WandaVision on Disney+ will be a time-traveling avant-garde sitcom romp
By Dan Selcke
Disney+, Disney’s very own streaming service, is coming out in November. The company has a ton of content for it in the pipeline, including several shows starring characters from the Marvel Cinematic Universe. There’s Falcon and the Winter Soldier, Loki, and I’m sure a few we haven’t heard about yet.
And then there’s WandaVision, a show revolving around Wanda Maximoff/Scarlet Witch (Elizabeth Olsen) and Vision (Paul Bettany). Of all the Marvel shows on deck, this was probably the one I was least interested in…until I saw the poster:
First of all, didn’t Vision die in Avengers: Infinity War? (And I mean he died died, not snapped-away-and-snapped-back-in-Endgame died.) How will they bring him back. And once they do, how do he and Scarlet Witch end up living life as a stereotypically suburban couple in the 1950s? Just what in the wide world of sports is going on?
Olsen and Bettany further piqued my curiosity when talking to MTV News Disney’s recent D23 Expo. Watch below:
“I don’t think that myself or Lizzie have ever been more surprised when [Marvel Studios president Kevin Feige] pitched the idea to us,” Bettany said. “He pitched this idea for a sort of six-hour movie that I would never [have thought of] in a million years, which is why he is the one earning the really big bucks. It’s so avant garde, and weird, and messed up, and then moves seamlessly into more familiar territory. But the place where it starts is so odd.”

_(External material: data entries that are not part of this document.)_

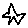
Label: star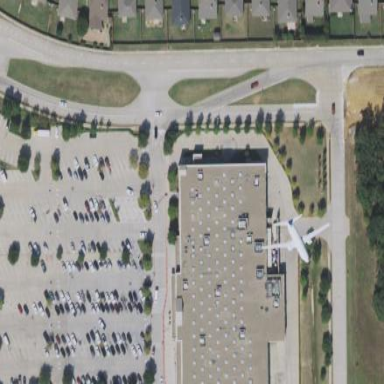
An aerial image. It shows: Retail building housing supermarket.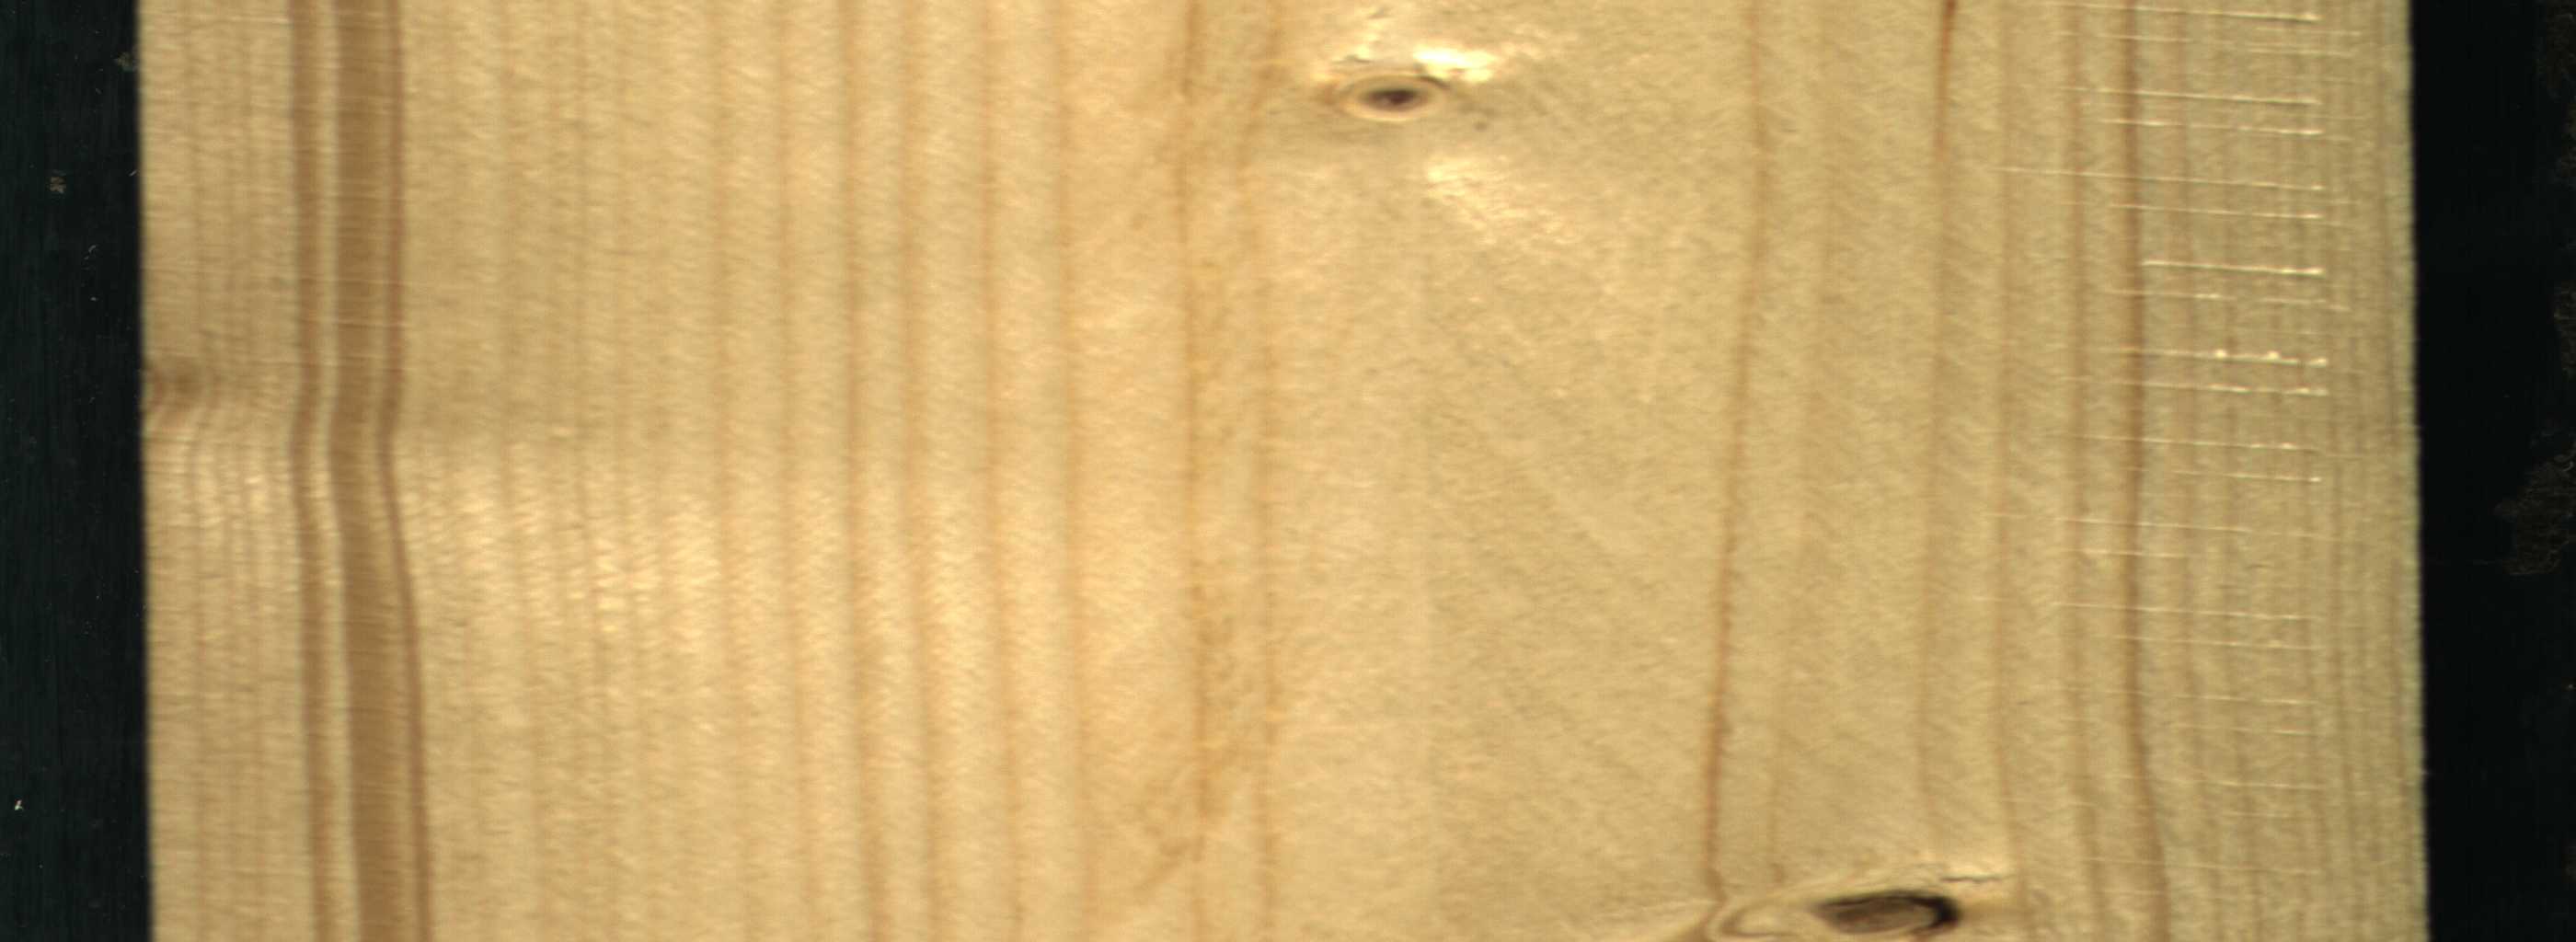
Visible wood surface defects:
Quartzity
Dead_Knot
Live_Knot

"In these situations, you always say ‘We’re really excited,’ but I’m genuinely blown away. As the scripts come in, the work is just so extraordinary."
Olsen sounded pretty psyched, too:
"We get to play around with a totally different genre with these characters that we have based in reality, one this planet Earth where it could also be exploded by aliens or whatever — that reality. We’ve based it there and now, we get to morph them into a sitcom universe and get to be stylized, we get to play around as actors, [and] we get to play around with time period. It’s just gonna be a wild ride and then it’s gonna morph back into the familiar world that we know of Marvel. It’s gonna be a mashup."
Avant garde? Playing with time period? A sitcom portion? Weird and messed up? WandaVision is officially my most anticipated MCU show.
Unfortunately, I’m not closer to understanding exactly how any of the weird stuff happens, or what it even is. Theories already abound. It could have something to do with Wanda using her powers to alter reality, or it may tie in to whatever’s going to happen in the upcoming Dr. Strange and the Multiverse of Madness. Marvel has a pretty remarkable track record at this point, so I’m willing to wait for them to deliver something good.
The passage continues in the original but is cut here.